» **Work instructions**: Copy, exactly and without additions, every line in the records below from the one holding "if (WEA) begin" through the one holding "دام در خراسان", both ends included.

★ ★ ★ ★ ★

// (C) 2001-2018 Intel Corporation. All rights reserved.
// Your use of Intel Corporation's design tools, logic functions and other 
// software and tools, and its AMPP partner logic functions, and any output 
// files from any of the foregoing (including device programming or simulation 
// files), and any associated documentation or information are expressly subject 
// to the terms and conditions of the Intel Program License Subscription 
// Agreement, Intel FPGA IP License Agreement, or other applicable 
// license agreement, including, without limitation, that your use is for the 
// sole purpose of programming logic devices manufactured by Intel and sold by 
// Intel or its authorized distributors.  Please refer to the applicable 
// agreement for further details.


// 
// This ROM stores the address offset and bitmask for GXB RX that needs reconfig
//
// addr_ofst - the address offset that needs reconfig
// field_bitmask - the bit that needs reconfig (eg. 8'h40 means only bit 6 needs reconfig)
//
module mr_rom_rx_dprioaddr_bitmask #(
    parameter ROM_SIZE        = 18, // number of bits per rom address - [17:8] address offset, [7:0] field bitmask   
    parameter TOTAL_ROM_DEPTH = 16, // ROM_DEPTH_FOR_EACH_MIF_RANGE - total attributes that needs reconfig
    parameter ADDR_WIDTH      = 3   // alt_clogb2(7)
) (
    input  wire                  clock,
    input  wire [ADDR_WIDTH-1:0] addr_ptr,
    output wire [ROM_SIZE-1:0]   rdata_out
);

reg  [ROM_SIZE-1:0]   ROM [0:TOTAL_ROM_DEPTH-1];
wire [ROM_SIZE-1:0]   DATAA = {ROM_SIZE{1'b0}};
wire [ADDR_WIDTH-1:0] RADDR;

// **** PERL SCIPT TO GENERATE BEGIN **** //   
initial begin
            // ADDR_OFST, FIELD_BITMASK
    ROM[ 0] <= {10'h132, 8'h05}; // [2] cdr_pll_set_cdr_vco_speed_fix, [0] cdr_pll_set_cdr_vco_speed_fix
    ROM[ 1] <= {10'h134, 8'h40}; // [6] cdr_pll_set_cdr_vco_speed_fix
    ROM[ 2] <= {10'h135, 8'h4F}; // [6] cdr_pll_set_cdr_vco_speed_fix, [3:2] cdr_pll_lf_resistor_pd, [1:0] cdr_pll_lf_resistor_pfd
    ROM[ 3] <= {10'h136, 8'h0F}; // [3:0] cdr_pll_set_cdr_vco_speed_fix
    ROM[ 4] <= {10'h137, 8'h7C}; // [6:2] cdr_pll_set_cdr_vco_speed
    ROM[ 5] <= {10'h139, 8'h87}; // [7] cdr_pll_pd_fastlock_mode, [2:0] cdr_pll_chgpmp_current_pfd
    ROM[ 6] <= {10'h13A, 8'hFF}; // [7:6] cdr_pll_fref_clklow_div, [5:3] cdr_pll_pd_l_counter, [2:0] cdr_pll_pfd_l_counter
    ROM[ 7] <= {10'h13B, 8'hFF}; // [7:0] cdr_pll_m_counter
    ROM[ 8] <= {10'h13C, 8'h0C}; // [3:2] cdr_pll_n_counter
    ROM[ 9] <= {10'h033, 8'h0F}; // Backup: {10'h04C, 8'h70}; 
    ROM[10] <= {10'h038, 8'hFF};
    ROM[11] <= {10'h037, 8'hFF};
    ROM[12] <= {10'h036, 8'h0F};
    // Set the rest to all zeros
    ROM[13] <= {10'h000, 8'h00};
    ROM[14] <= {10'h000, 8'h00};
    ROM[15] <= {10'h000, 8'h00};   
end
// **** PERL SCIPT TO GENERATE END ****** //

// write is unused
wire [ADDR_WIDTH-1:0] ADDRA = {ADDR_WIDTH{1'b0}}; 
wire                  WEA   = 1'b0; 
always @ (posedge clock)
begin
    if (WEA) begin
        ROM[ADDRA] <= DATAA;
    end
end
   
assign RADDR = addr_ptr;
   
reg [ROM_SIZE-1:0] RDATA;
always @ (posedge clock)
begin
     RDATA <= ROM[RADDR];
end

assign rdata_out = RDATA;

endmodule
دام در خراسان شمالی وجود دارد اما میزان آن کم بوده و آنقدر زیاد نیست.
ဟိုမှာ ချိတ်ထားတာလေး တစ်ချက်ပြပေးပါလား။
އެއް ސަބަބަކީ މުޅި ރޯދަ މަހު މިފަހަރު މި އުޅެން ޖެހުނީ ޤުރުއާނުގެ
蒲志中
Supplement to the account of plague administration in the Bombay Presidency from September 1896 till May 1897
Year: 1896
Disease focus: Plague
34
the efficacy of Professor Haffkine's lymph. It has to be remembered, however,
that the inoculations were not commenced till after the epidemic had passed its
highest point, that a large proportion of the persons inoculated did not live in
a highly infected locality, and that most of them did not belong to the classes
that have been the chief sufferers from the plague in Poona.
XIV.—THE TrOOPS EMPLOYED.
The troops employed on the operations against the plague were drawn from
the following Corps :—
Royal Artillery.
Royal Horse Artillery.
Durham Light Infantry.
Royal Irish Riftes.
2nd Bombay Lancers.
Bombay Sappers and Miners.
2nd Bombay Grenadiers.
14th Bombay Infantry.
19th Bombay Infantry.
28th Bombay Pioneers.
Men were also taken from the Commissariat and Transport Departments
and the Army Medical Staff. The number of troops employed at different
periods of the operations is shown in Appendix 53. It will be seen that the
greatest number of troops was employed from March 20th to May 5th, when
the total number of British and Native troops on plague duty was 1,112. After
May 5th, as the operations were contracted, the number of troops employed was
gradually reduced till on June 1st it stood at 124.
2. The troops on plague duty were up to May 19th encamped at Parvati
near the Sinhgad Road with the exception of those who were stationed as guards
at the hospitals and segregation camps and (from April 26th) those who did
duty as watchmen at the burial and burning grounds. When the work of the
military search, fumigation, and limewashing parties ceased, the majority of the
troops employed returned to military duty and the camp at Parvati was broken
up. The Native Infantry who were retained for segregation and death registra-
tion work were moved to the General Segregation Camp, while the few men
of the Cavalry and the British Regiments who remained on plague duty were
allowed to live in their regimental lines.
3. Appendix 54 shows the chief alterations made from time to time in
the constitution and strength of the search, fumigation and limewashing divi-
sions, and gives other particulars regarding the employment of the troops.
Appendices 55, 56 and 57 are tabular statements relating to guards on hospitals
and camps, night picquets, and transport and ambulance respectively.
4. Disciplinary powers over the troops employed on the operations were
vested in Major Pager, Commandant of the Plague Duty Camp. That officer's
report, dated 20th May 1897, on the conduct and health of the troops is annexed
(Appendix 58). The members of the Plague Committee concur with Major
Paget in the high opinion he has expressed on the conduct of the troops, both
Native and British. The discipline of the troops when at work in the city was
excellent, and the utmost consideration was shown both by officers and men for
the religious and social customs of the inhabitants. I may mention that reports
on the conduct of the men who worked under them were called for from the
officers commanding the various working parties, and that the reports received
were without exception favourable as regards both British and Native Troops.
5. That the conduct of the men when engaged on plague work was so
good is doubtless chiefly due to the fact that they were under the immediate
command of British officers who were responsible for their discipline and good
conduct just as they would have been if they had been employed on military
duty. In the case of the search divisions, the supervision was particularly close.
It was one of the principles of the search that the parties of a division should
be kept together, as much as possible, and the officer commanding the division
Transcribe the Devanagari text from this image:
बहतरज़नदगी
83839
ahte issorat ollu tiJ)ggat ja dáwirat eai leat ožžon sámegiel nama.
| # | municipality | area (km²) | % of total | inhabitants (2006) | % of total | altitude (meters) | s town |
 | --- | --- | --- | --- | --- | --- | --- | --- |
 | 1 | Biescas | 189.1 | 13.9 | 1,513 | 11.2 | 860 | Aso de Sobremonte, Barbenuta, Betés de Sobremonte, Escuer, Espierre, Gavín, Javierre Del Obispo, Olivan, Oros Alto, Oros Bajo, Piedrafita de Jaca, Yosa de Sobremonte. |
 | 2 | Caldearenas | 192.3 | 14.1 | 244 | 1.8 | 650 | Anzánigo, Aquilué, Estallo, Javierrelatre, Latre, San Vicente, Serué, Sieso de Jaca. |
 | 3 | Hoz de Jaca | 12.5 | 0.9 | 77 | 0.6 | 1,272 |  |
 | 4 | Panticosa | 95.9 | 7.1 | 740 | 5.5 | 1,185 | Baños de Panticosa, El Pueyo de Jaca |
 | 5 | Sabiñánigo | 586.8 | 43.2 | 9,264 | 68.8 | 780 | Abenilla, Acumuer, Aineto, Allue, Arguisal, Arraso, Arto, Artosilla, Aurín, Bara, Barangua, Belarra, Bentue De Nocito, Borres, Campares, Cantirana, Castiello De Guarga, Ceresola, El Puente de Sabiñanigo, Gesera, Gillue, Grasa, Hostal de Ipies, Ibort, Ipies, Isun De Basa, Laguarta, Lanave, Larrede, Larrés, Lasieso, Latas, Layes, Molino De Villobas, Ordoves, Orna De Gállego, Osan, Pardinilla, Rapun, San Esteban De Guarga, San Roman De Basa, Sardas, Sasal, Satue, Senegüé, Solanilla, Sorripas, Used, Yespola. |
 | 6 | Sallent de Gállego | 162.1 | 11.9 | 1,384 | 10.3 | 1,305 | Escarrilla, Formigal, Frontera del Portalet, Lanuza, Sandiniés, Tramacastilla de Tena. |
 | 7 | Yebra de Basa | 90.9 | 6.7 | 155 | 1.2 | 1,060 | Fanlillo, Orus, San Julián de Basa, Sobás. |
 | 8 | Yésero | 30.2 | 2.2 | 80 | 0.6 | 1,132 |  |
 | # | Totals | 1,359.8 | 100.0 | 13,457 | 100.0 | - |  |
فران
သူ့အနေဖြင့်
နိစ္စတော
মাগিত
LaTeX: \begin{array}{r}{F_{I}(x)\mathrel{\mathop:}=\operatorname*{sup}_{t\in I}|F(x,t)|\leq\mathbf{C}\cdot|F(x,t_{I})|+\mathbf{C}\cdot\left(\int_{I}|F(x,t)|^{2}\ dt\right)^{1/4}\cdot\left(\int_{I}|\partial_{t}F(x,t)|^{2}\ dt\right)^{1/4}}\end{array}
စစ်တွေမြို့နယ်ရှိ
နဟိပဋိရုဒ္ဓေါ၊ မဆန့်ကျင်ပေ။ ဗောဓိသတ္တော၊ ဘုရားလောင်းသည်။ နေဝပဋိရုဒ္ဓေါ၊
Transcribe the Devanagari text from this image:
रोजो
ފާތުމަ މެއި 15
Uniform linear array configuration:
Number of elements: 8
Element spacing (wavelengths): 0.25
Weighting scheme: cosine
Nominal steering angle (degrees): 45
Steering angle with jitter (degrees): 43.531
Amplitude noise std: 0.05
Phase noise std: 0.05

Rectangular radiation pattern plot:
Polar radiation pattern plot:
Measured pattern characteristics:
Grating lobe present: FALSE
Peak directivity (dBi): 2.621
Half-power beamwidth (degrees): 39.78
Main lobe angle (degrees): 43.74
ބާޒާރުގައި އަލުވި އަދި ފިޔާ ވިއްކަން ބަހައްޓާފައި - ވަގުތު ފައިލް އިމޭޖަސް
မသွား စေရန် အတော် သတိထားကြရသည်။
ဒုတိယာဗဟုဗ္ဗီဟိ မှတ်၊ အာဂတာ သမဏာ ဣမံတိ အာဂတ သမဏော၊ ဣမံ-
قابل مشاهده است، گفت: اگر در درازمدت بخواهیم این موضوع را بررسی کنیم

★ ★ ★ ★ ★

» **Your response**:
    if (WEA) begin
        ROM[ADDRA] <= DATAA;
    end
end
   
assign RADDR = addr_ptr;
   
reg [ROM_SIZE-1:0] RDATA;
always @ (posedge clock)
begin
     RDATA <= ROM[RADDR];
end

assign rdata_out = RDATA;

endmodule
دام در خراسان شمالی وجود دارد اما میزان آن کم بوده و آنقدر زیاد نیست.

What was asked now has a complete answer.